Unter Hinweis auf die Rechtsprechung des BVerfG (InfAuslR 1994, 324) führt das BVerwG in der Entscheidung ferner aus, dass gegen die gesetzlichen Zustellungsfiktionen des § 10 Abs. 2 AsylG von Verfassungs wegen nichts zu erinnern sei, wenn der Betroffene über sie in qualifizierter Weise belehrt worden sei. Die verfassungsrechtlichen Anforderungen an eine solche qualifizierte Belehrung sieht das BVerwG durch die vom Bundesamt fallübergreifend verwendete „Wichtige Mitteilung – Belehrung für Erstantragsteller über Mitwirkungspflichten – und Allgemeine Verfahrenshinweise” als erfüllt an.

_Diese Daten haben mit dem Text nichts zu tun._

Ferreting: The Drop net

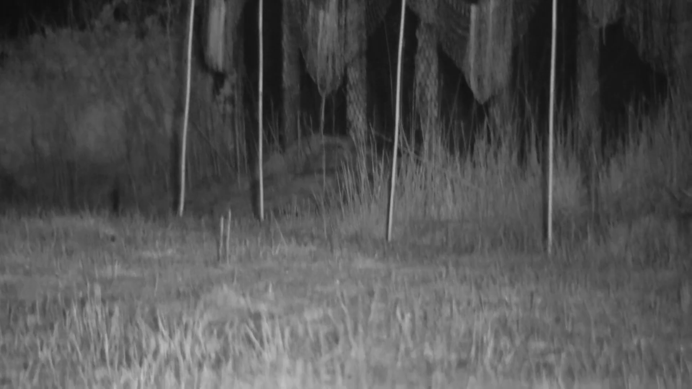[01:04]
To begin with, the rabbits were very weary of something. Was it my dim IR light or could they sense my presence or the presence of yet another predator? It was Mr. Foxy. He was on the prowl, patrolling one of his night time larders.
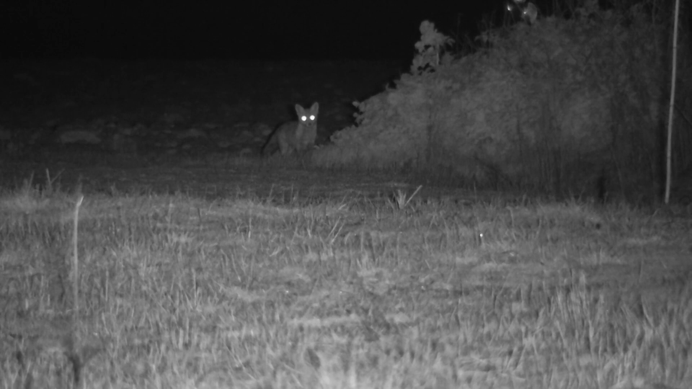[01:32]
After a stand up with my little dim light, he strutted his stuff back under the cloak of darkness.
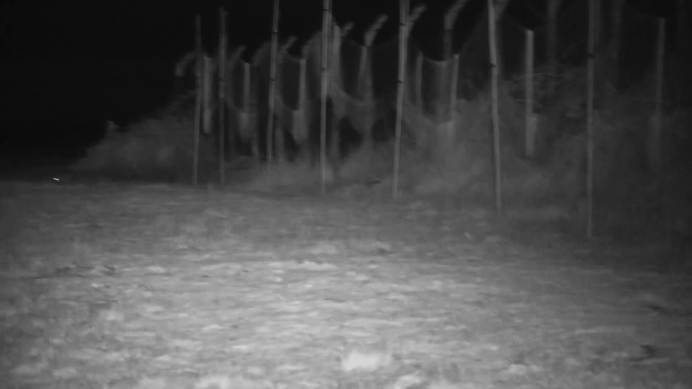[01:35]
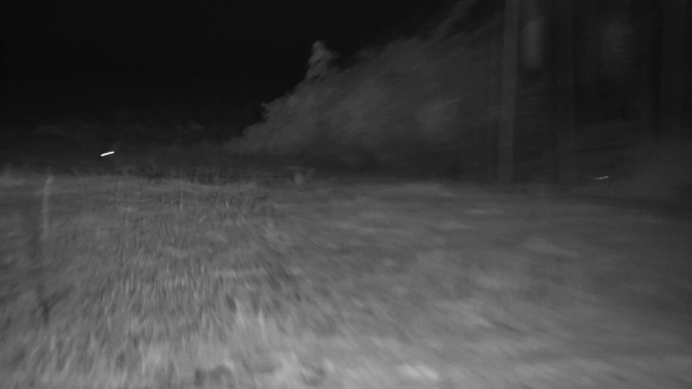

Darüber hinaus verstoße § 10 Abs. 2 AsylG weder gegen Art. 13 RL 2013/32/EU noch gegen das Recht auf einen wirksamen Rechtsbehelf nach Art. 46 RL 2013/32/EU und Art. 47 GRC noch gegen das asyl- und das menschenrechtliche Refoulement-Verbot nach Art. 18 und 19 Abs. 2 GRC und Art. 3 EMRK.
Schließlich bestätigt das BVerwG seine Rechtsprechung (vgl. BVerwGE 163, 26 ff. = InfAuslR 2018, 441 ff.) zur Richtigkeit der vom Bundesamt verwendeten Rechtsmittelbelehrung, nämlich dass der Zusatz, die Klage müsse „in deutscher Sprache abgefasst” sein, die Belehrung nicht unrichtig mache. Dies gelte nicht nur in Bezug auf eine zu Protokoll des Urkundsbeamten der Geschäftsstelle mögliche Klageerhebung, sondern auch für die Möglichkeit der Einreichung einer Klage durch Übermittlung eines elektronischen Dokuments, ohne dass es darauf ankomme, ob es sich hierbei um eine neue Form der Klageerhebung oder lediglich um eine weitere Möglichkeit zur Übermittlung eines schriftlichen Dokuments und damit um einen Unterfall der Schriftform handele. Denn auch bei einer möglichen Klageerhebung im elektronischen Rechtsverkehr müsse das in die elektronische Poststelle des jeweiligen Gerichts zu übertragende elektronische Dokument in deutscher Sprache übermittelt werden. Der Begriff „abfassen” beziehe sich nicht zwingend auf ein Schriftstück im herkömmlichen Sinne, sondern umfasse auch diesem kraft Gesetzes gleichgestellte elektronische Dokumente.